**The task**: Across the material below, how many lines contain the word "size"? Respond with the number only.

# # # # #

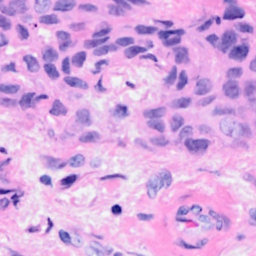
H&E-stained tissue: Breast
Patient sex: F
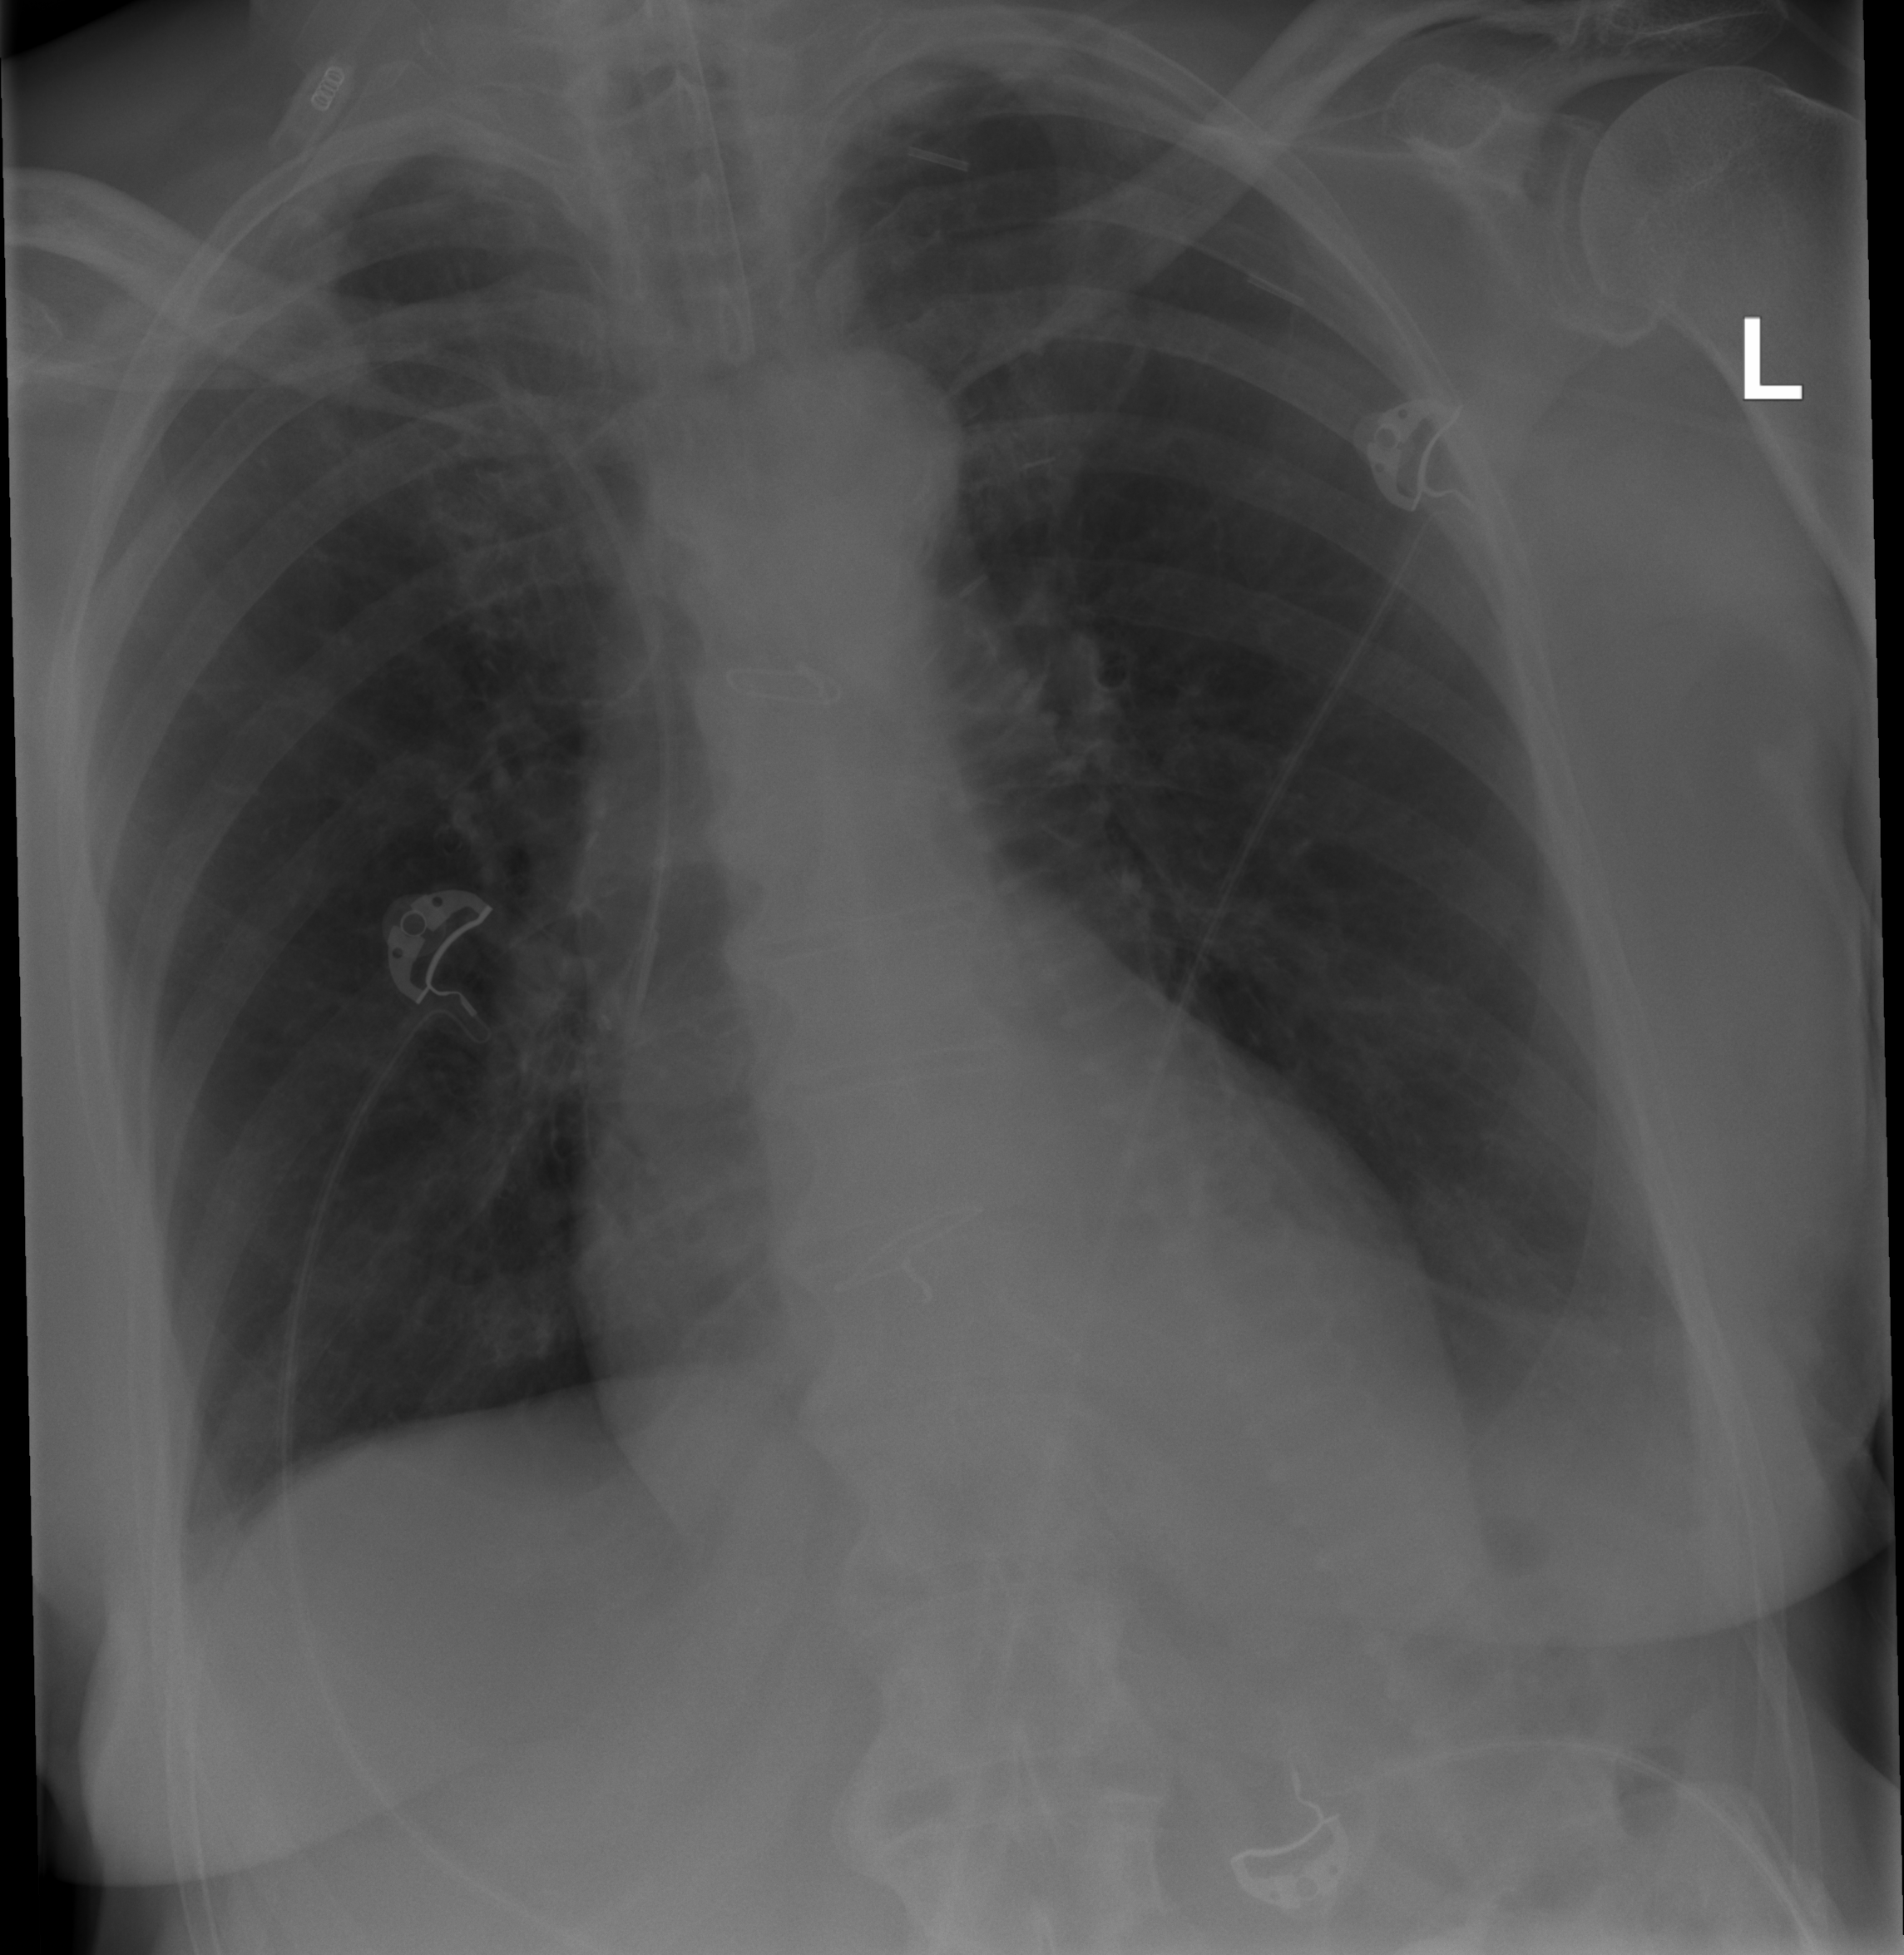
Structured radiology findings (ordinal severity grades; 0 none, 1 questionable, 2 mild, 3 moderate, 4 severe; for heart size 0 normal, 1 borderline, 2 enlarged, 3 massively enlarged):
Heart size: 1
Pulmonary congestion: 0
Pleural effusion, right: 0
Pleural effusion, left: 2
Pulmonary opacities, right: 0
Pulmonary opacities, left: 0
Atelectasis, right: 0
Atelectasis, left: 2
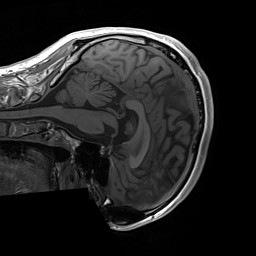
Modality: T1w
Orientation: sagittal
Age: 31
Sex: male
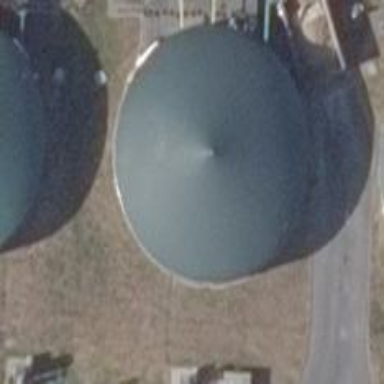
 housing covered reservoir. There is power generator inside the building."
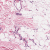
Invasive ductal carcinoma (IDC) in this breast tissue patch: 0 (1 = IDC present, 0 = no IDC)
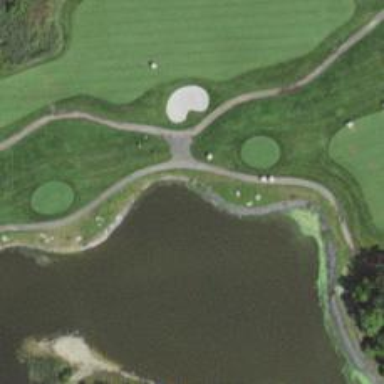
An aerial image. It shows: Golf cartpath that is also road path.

# # # # #

**Task solution**: 2